Whatever else they may have been saying when they cast their ballots in Tuesday's elections, Montgomery County voters made it clear what they didn't like.
By a 5,000-vote margin, they rejected a measure that would have sharply cut back property taxes and local government revenues, while simultaneously approving a more restrained measure to curb increases in the county budget.
They also rejected, decisively, the policies and programs of the county Board of Education and its superintendent. Charles M. Bernardo, and installed a new "back to basics" majority on the county's seven-member school board.
"There was a lot of dissatisfaction with the system in many ways that the conservative candidates were able to capitalize on," said retiring school board member Herbert Benington. ". . . [The voters] were unhappy because they thought basic academic subjects were not being taught. They thought that some students were not doing anything and ought to get shaked up."
On other issues, however, voters tempered any desire for change with restraint. By rejecting the tax-cutting charter amendment TRIM and approving instead a measure restricting county budget increases, the voters called for a curb on government growth but entrusted their elected officials with the job.
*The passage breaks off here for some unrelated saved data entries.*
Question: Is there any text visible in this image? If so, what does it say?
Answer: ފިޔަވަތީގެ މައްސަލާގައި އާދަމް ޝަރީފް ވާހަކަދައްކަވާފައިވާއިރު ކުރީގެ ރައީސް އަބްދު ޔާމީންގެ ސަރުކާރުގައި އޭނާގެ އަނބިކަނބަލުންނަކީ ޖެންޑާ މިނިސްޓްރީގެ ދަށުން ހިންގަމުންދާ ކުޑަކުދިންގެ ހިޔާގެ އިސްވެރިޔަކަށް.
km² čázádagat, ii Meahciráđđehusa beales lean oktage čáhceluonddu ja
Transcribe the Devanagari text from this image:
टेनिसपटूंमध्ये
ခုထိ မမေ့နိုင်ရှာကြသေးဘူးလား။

"They fired a gun across the bow in saying they're concerned about inflation, but they said they didn't want the problem taken care of with a meat cleaver," said former Democratic Party chairman James Doherty.
The magnitude of frustration with the county's government, however, was not nearly so great as some Democrats had feared and many Republicans had hoped.
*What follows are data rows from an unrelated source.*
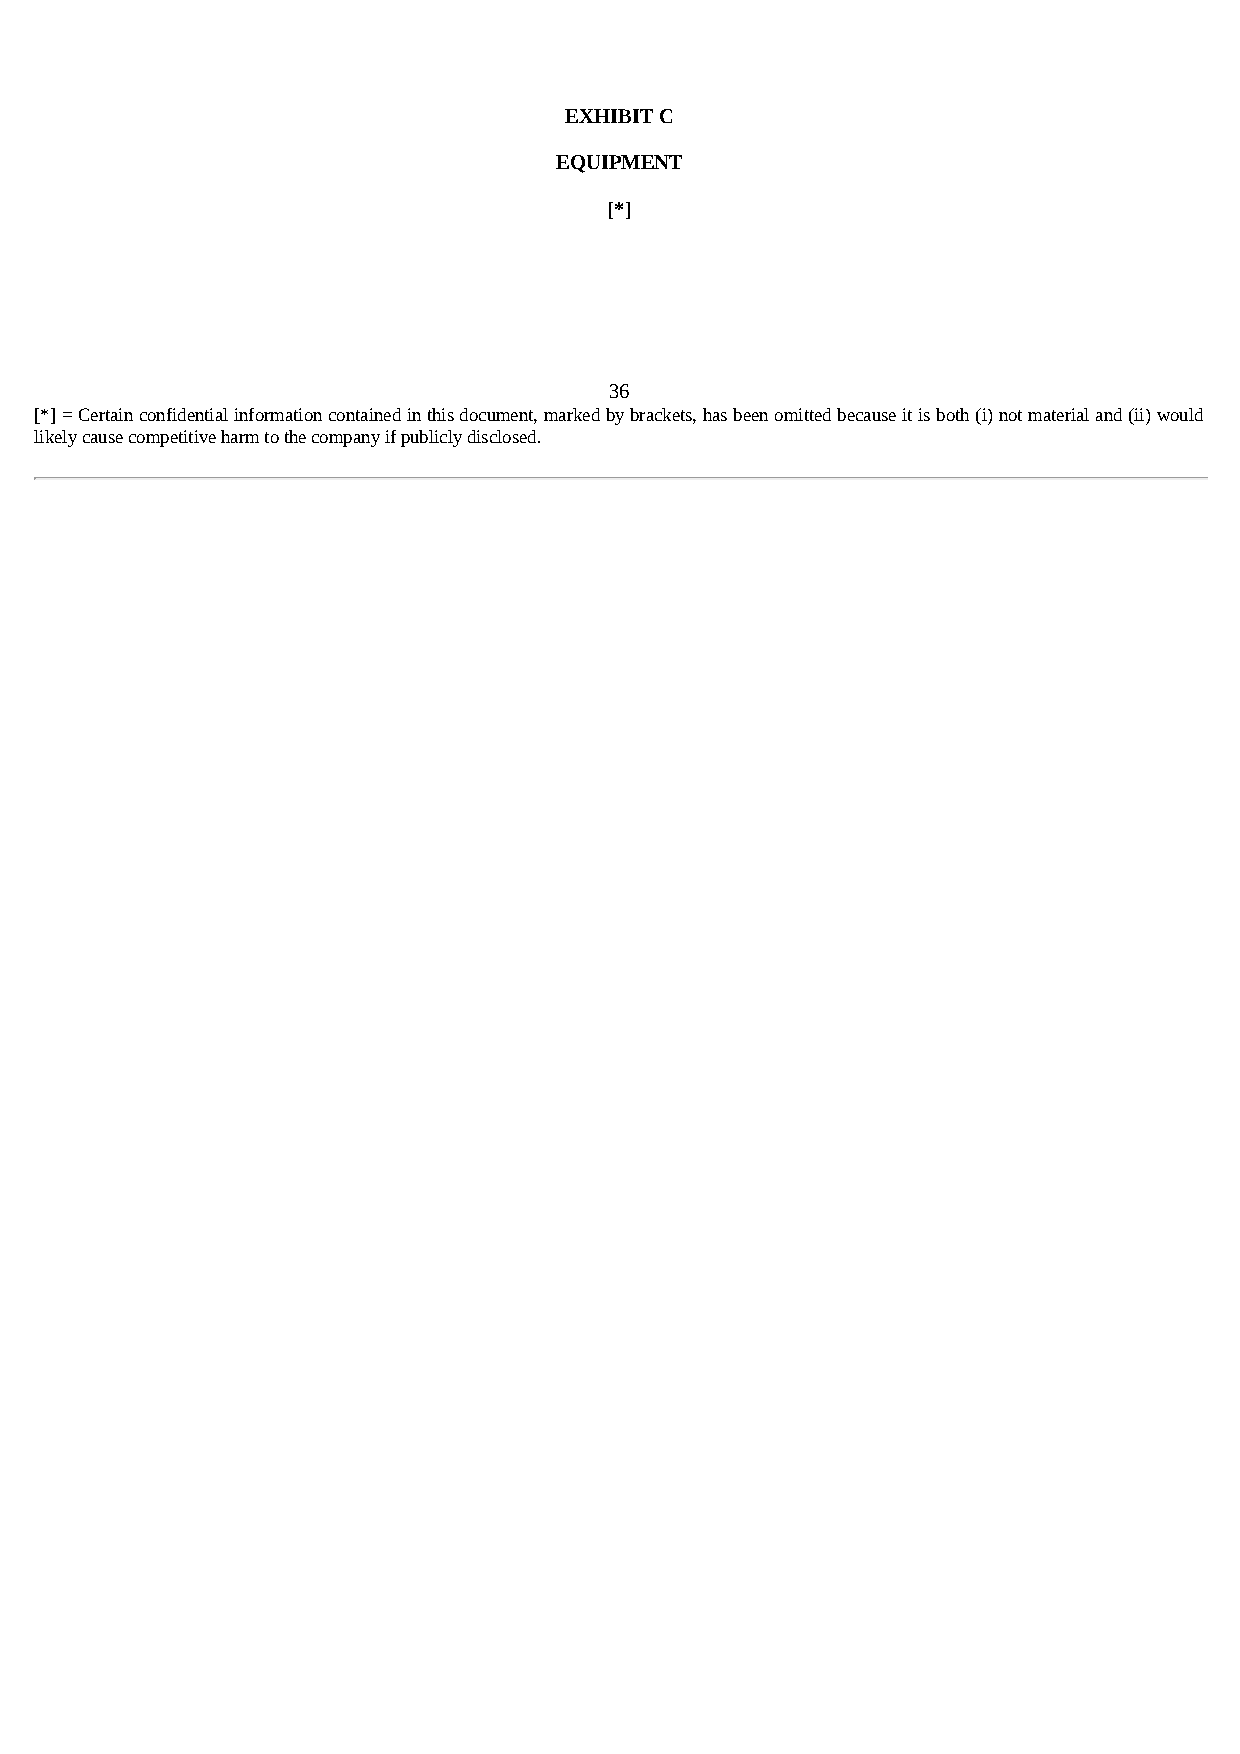
EXHIBIT C
 EQUIPMENT
 [*]
 36
 [*] = Certain confidential information contained in this document, marked by brackets, has been omitted because it is both (i) not material and (ii) would
 likely cause competitive harm to the company if publicly disclosed.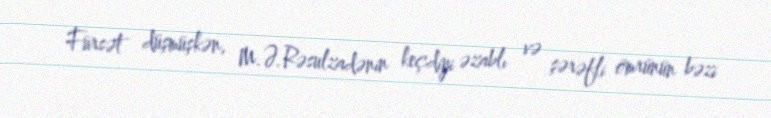
Fürsət düşmüşkən, M.Ə.Rəsulzadənin keçdiyi əzablı və şərəfli ömrünün bəzi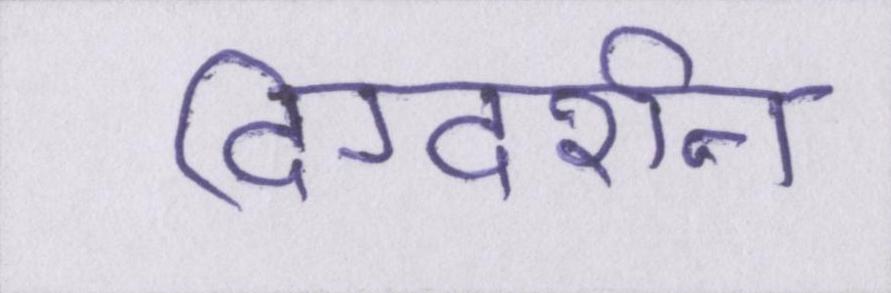
दिग्दर्शन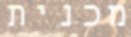
מכנית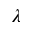
\lambda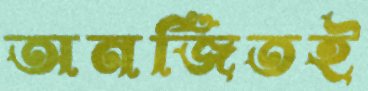
অনর্জিতই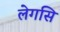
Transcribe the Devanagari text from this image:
लेगसि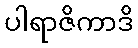
ပါရာဇိကာဒိ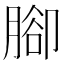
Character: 腳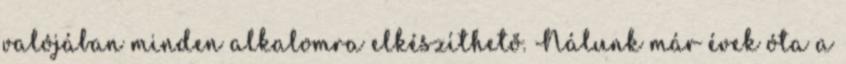
valójában minden alkalomra elkészíthető. Nálunk már évek óta a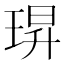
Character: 𮴢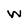
Character: W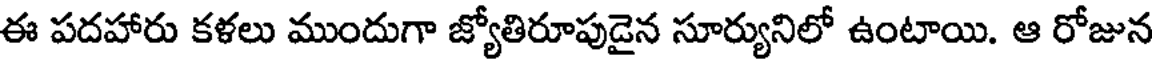
ఈ పదహారు కళలు ముందుగా జ్యోతిరూపుడైన సూర్యునిలో ఉంటాయి. ఆ రోజున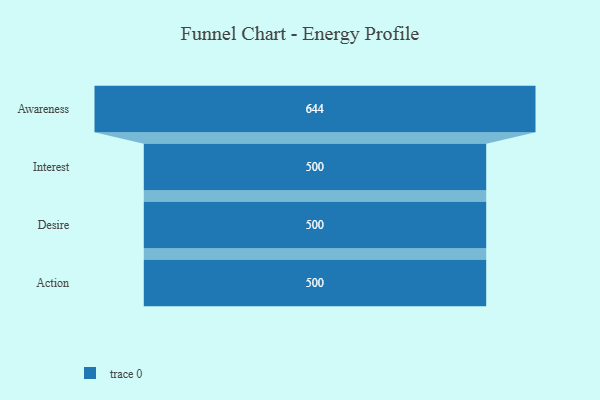
{"axis": {"x": "Stage", "y": "Value"}, "legend": [""], "data": [{"x": "Awareness", "y": 644.0, "type": ""}, {"x": "Interest", "y": 500, "type": ""}, {"x": "Desire", "y": 500, "type": ""}, {"x": "Action", "y": 500, "type": ""}]}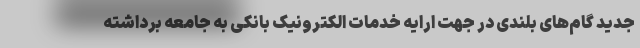
جدید گام‌های بلندی در جهت ارایه خدمات الکترونیک بانکی به جامعه برداشته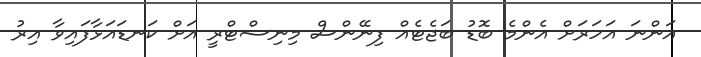
އަންނަ އަހަރަށް އެންމެ ބޮޑު ބަޖެޓެއް ފިނޭންސް މިނިސްޓްރީ އަށް ކަނޑައަޅާފައިވާ އިރު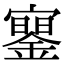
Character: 䥌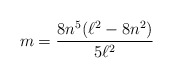
\begin{align*}m=\frac{8n^{5}(\ell ^{2}-8n^{2})}{5\ell ^{2}} \end{align*}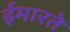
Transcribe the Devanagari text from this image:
ईमारते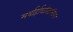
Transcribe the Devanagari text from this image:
मर्यार्हाघंत्दिलिडग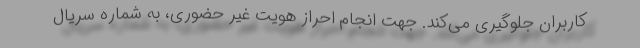
کاربران جلوگیری می‌کند. جهت انجام احراز هویت غیر حضوری، به شماره سریال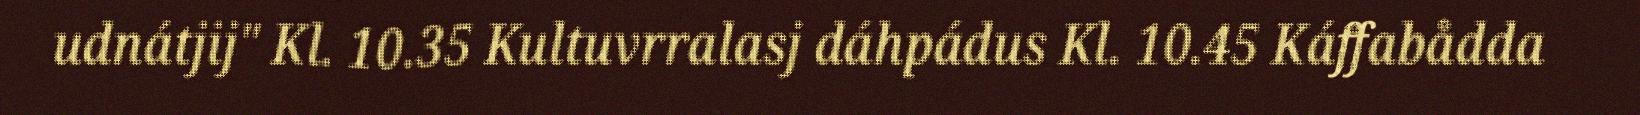
udnátjij" Kl. 10.35 Kultuvrralasj dáhpádus Kl. 10.45 Káffabådda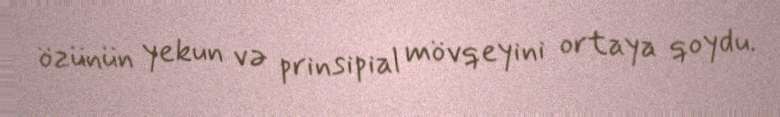
özünün yekun və prinsipial mövqeyini ortaya qoydu.

Democratic state Sen. Charles W. Gilchrist easily won election to the county executives's post, and will become the first Democrat in that job since it was established eight years ago.
In choosing Gilchrist, the voters selected a candidate committed to running things with a "steady" hand and making "measured" decisions, rather than choosing the program of government overhaul and drastic tax cuts advocated by Republican candidate Richmond M. keeney.
At the same time, seven Democrats - including four newcomers - were elected to the County Council by comfortable margins continuing the eight-year-old tradition of all-Democratic councils.
"They (the voters) said our incumbents have done a good job but they want us to be a bit more careful," said incumbent Esther Gelman.
The general satisfaction Montgomery voters appeared to feel with county government clearly did not extent to their local schools. Members of the new conservative majority elected to the Board of Education have pledged to fire Superintendent Charles M. Bernardo and redirect many of his programs.
Observers on both sides of the bitter campaign between the conservative group - Joseph Barse, Carol Wallace and Eleanor Zappone, and the more moderate Team for Positive Action - which elected only incumbent Elizabeth Spencer - attributed the success of the winning slate to the careful, professional organization of their campaign.
Barse, Wallace, Zappone and board member Marian Greenblatt have been working together since 1976, when they campaigned against Montgomery County's school busing system.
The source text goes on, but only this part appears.